## Work to complete
Only one stretch of the listing below is wanted. Begin at the line that has "medidas que vão", stop after the line that has "Cañadón Seco, 1 Ramón Santos.", and repeat every line in between exactly.

## Records supplied
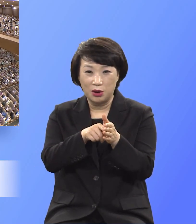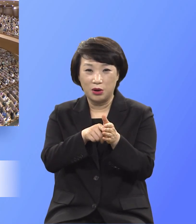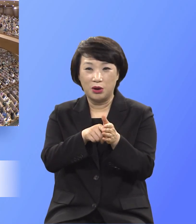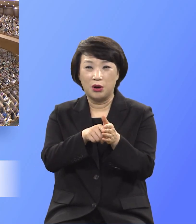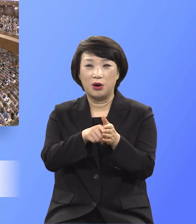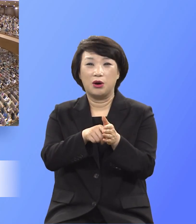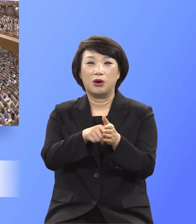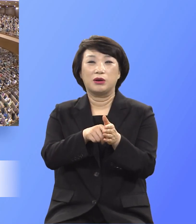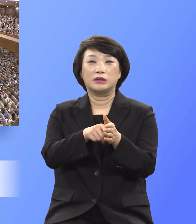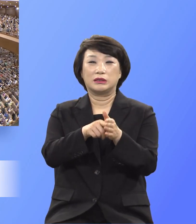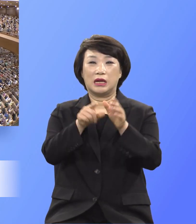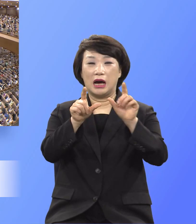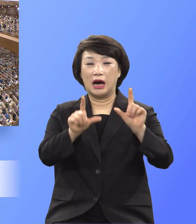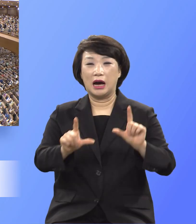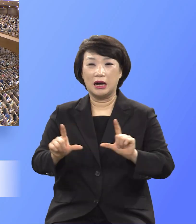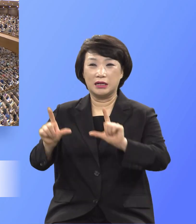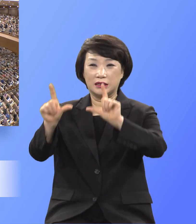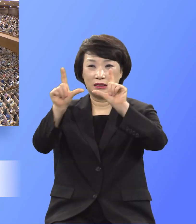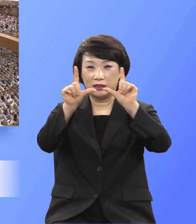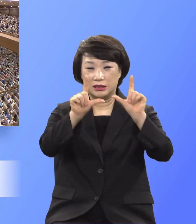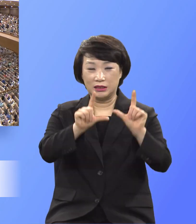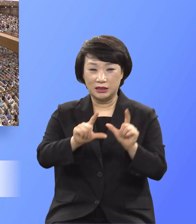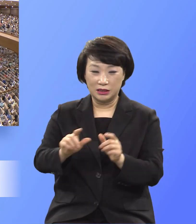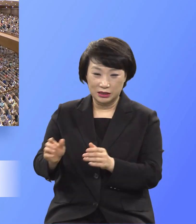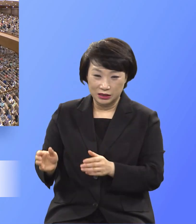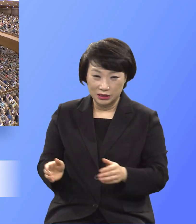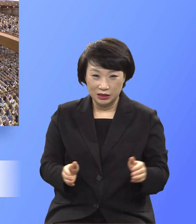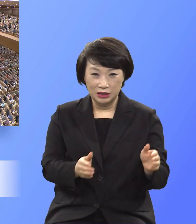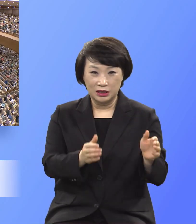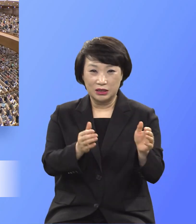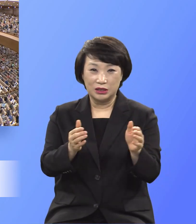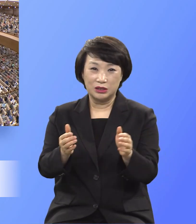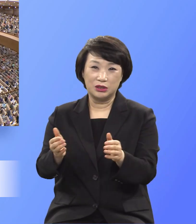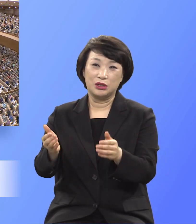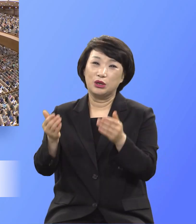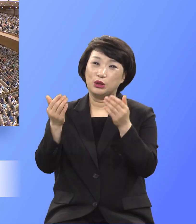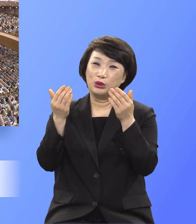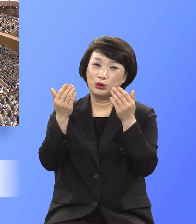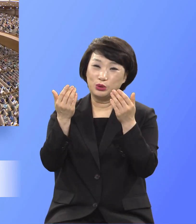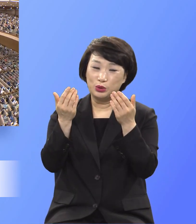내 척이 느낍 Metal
==
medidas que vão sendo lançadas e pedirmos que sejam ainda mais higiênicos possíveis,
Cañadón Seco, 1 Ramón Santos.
---
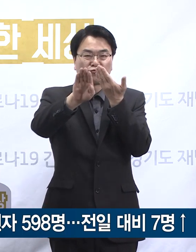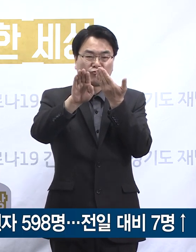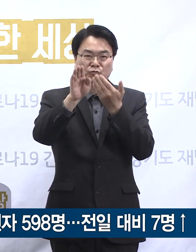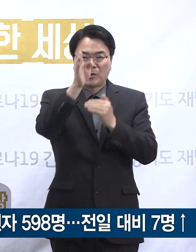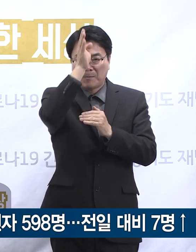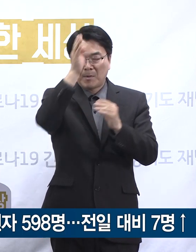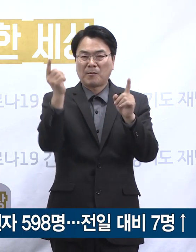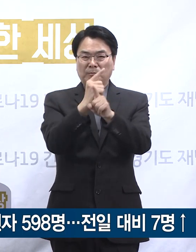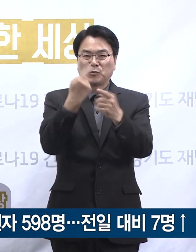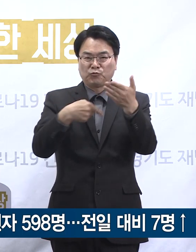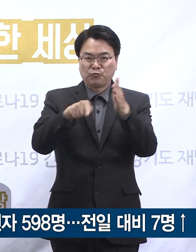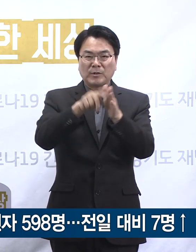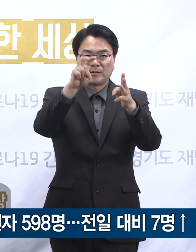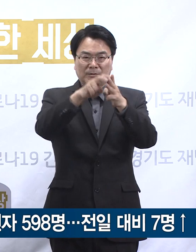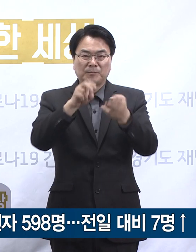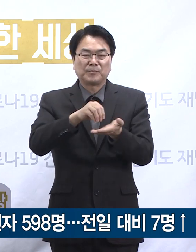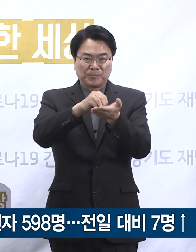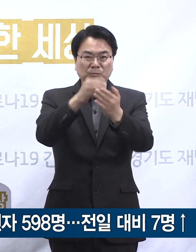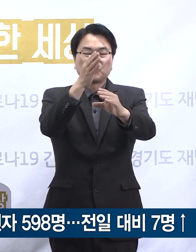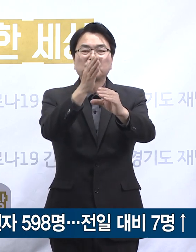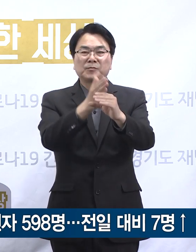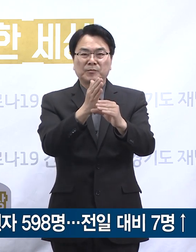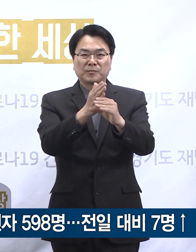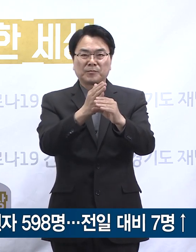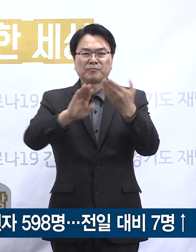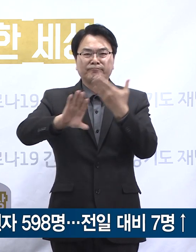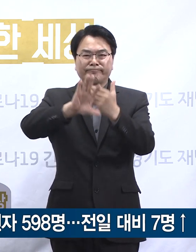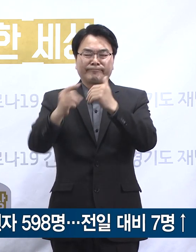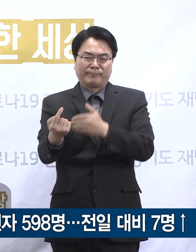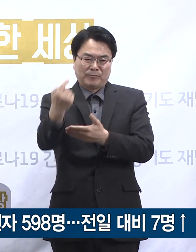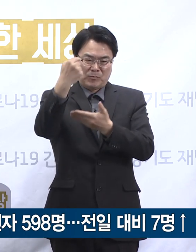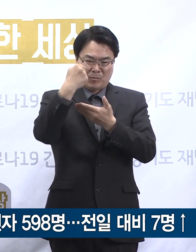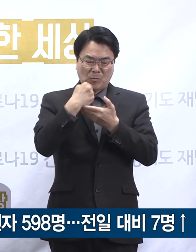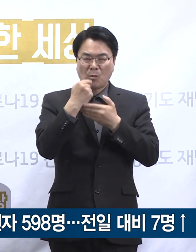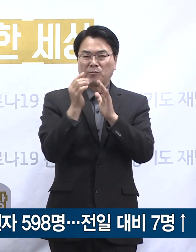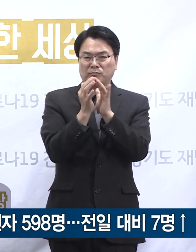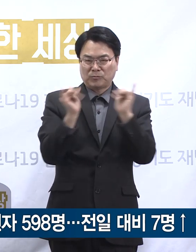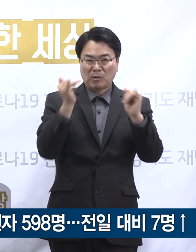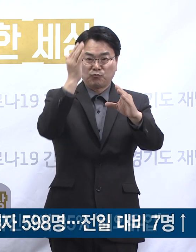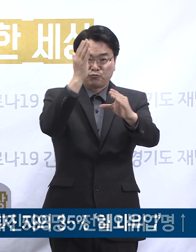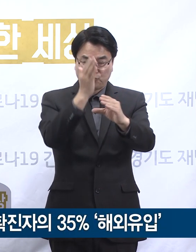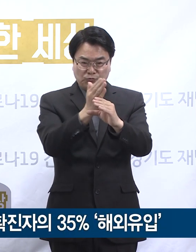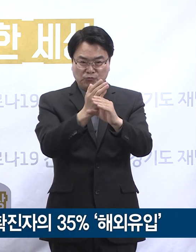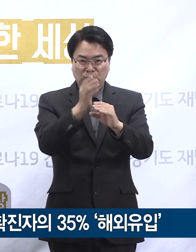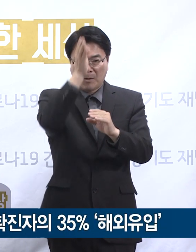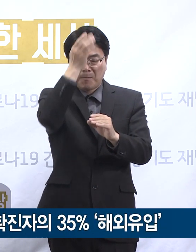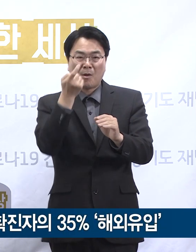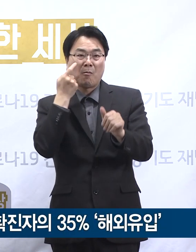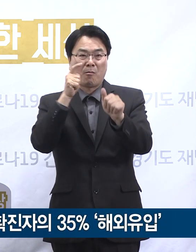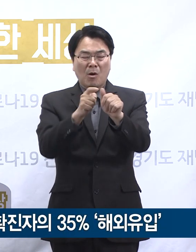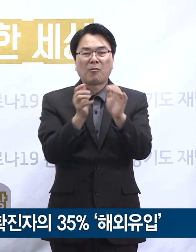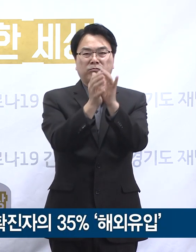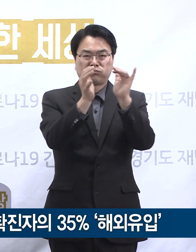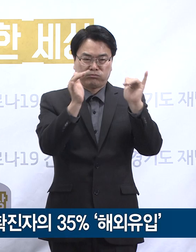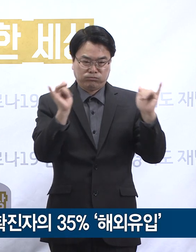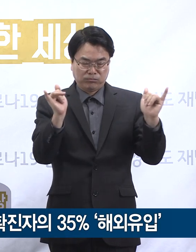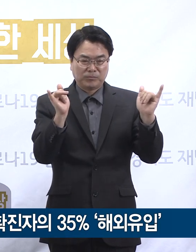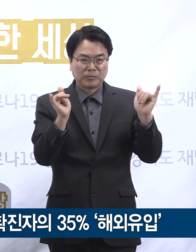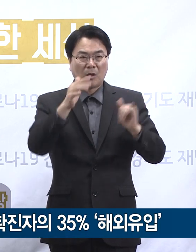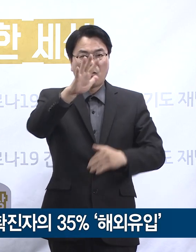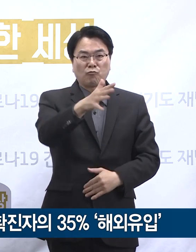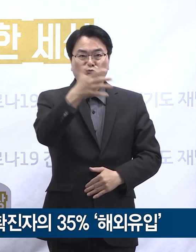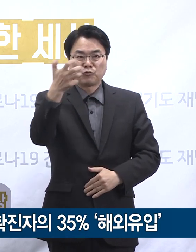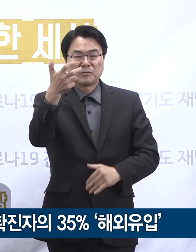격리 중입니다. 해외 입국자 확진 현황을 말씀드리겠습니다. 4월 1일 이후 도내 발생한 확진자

## Answer space
medidas que vão sendo lançadas e pedirmos que sejam ainda mais higiênicos possíveis,
Cañadón Seco, 1 Ramón Santos.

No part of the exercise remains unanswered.